Server upgrades and monitoring

Posted on October 17, 2015 with tags . See the previous or next posts.

Undecided whether the title should be “exercises in Yak shaving” or “paying back technical debt” or “too much complexity for personal systems”. Anyway…

I started hosting my personal website and some other small stuff on a dedicated box (rented from a provider) in early 2008. Even for a relatively cheap box, it worked without issues for a good number of years. A surprising number of years, actually; the only issue was a power supply failure that was solved by the provider automatically and then nothing for many years. Even the harddrive (mechanical) had no issues at all for 7 years (Power_On_Hours: 64380; I probably got it after it had a few months of uptime). I believe it was the longest running harddrive I’ve ever used (for the record: Seagate Barracuda 7200.10, ST3250310AS).

The reason I delayed upgrade for a long time was twofold: first, at the same provider I couldn’t get a similar SLA for the same amount of money. I could get better hardware, but with worse SLA and options. This is easily solvable, of course, by just finding a different provider.

The other issue was that I never bothered to setup proper configuration management for the host; after all, it was only supposed to run Apache with ikiwiki and some other trivial small other things. The truth was that over time it started pilling up more and more “small things”… so actually changing the host is expensive.

As the age of the server neared 7 years, I thought to combine upgrade from Wheezy to Jessie with a HW upgrade. Managed to find a different provider that had my desired SLA and HW configuration, got the server and the only thing left was to do the migration.

Previous OS upgrades were simple as they were on the same host; i.e. rely on Debian’s reliable upgrade and nothing else to, eventually adjust slightly some configs. With a cross-host upgrade (I couldn’t just copy the old OS since it was also a 32-to-64 bit change) it’s much worse: since there’s no previous installation, I had to manually check and port the old configuration for each individual service. This got very tedious, and I realised I have to make it somehow better.

“Proper” configuration management aside, I thought that I need proper monitoring first. I already had (for a long while actually) graphing via Munin, but no actual monitoring. Since the host only had few services, this was again supposed to be easy - same mistake again.

The problem is that once you have any monitoring system setup, it’s very easy to actually add “just one more” host or service to it. First it was only the external box, then it was my firewall, then it was the rest of my home network. Then it was the cloud services that I use—for example, checking whether my domain registrar’s nameservers still are authoritative for my domain or whether the expiration date it still far in the future. And so on…

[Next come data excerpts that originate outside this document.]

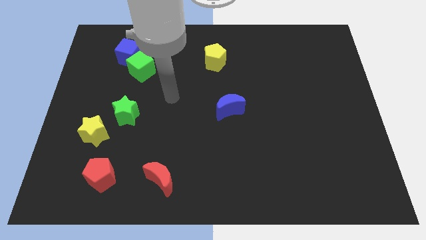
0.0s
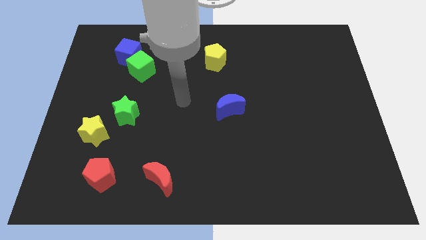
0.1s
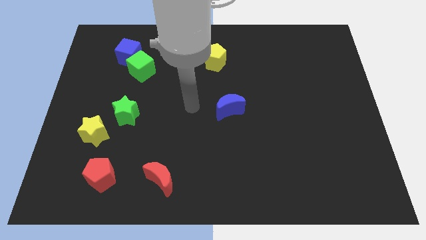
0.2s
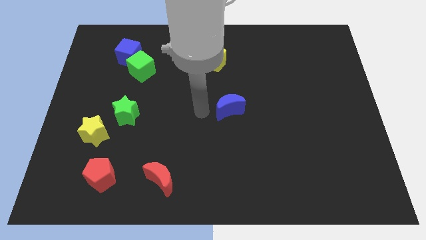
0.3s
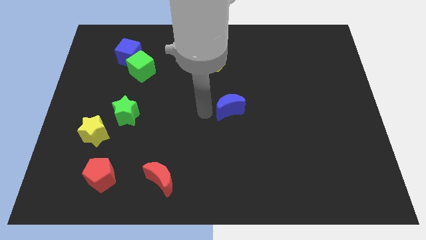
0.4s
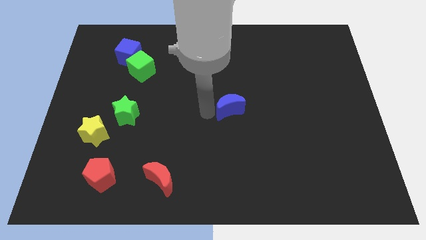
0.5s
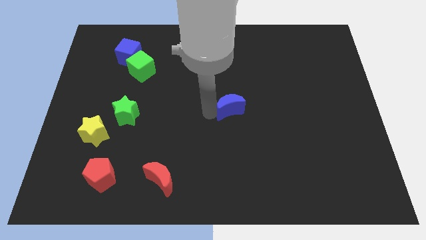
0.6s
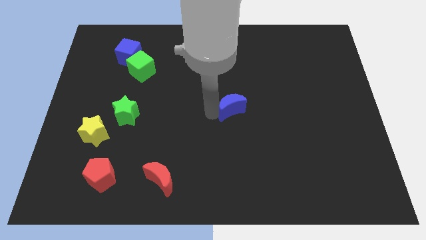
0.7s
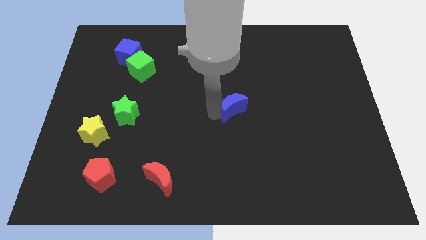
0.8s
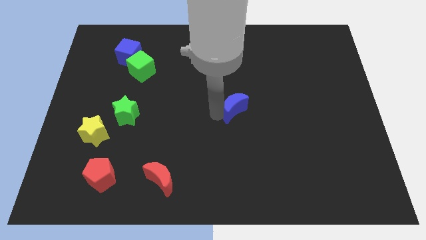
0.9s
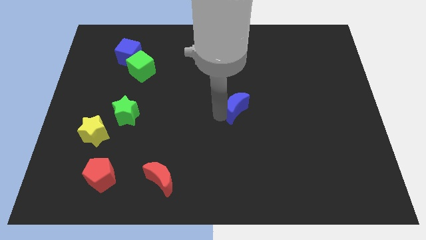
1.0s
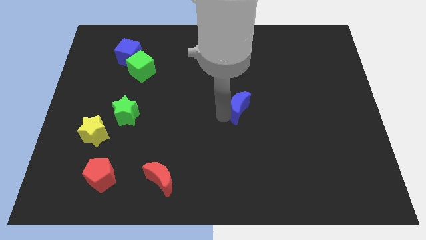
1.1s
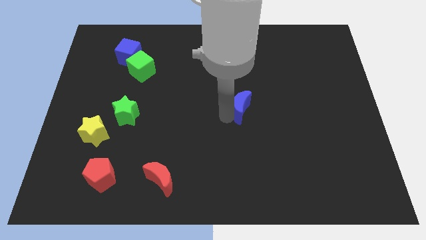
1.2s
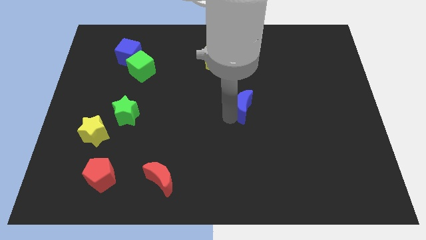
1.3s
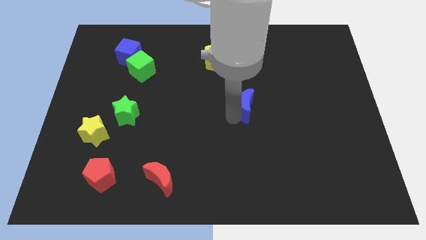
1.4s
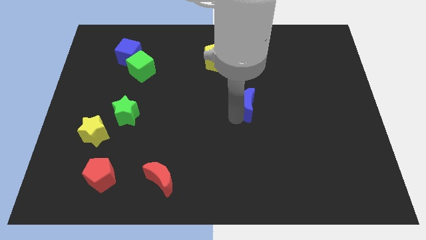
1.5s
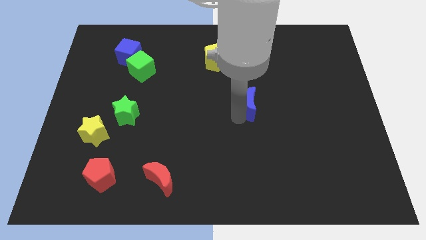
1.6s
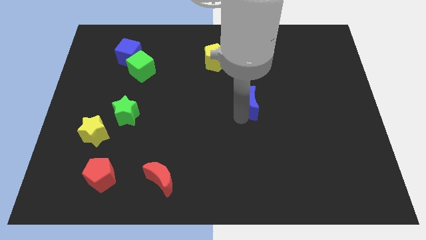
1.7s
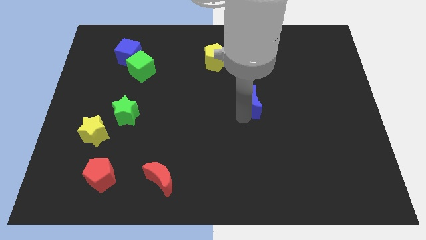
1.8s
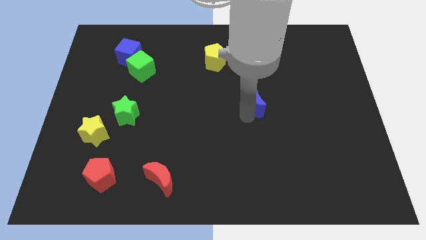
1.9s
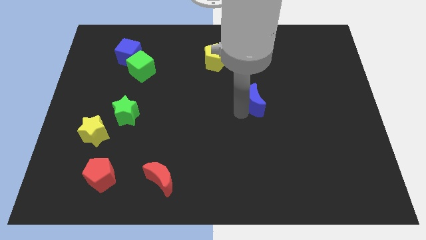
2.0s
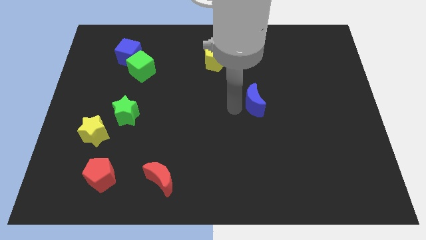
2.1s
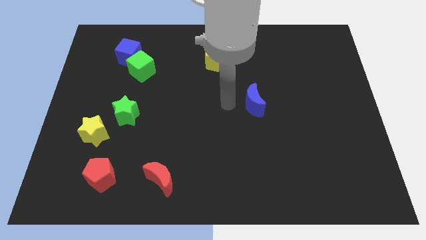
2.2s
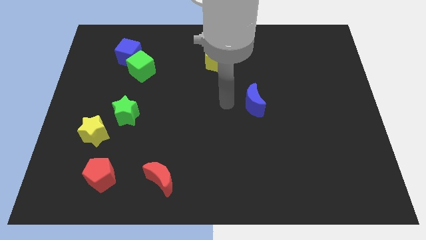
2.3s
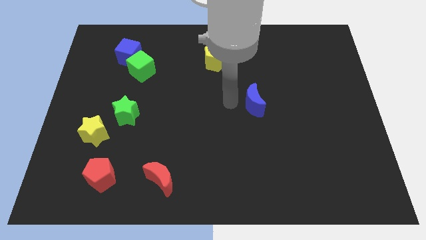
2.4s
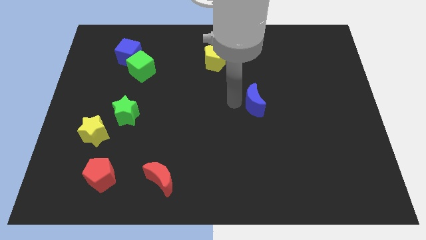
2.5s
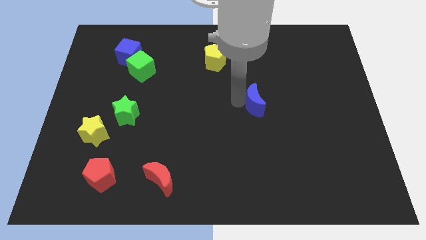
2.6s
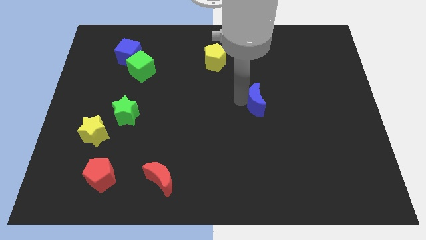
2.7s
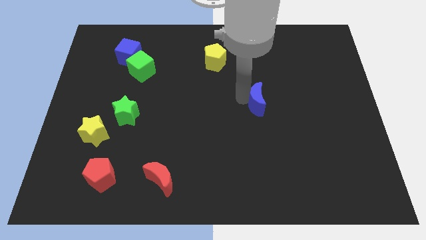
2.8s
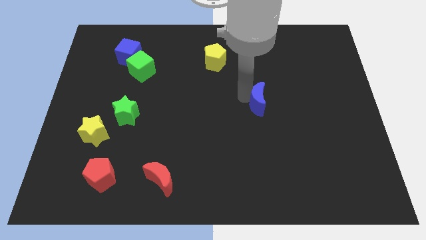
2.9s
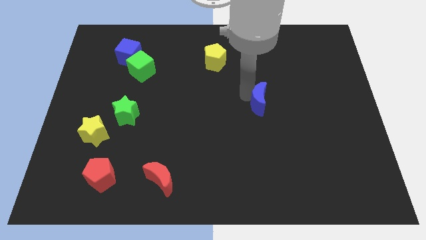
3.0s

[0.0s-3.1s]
slightly push the blue moon to the right

In the end, what was in previous iterations (e.g. Squeeze to Wheezy upgrade) a half-weekend job only, spread out over many weekends (interleaved with other activities, not fully working on it). I had to keep the old machine running for a month more in order to make sure everything was up and running, and I ended up with 80 services monitored across multiple systems; the migrated machine itself has almost half of these. Some of these are light items (e.g. a checking that a single vhost responds) other are aggregates. I still need to add some more checks though, especially more complex (end-to-end) ones.

The lesson I learned in all this is that, with or without configuration management in place, having monitoring makes it much easier do to host or service moves, as you know much better when everything is done whether it’s “done-done” or just “almost done”.

The question that remains though: with 80 services for a home network plus external systems (personal use); I’m not sure if I’m doing things right (monitor the stuff I need) or wrong (do I really need these many things)?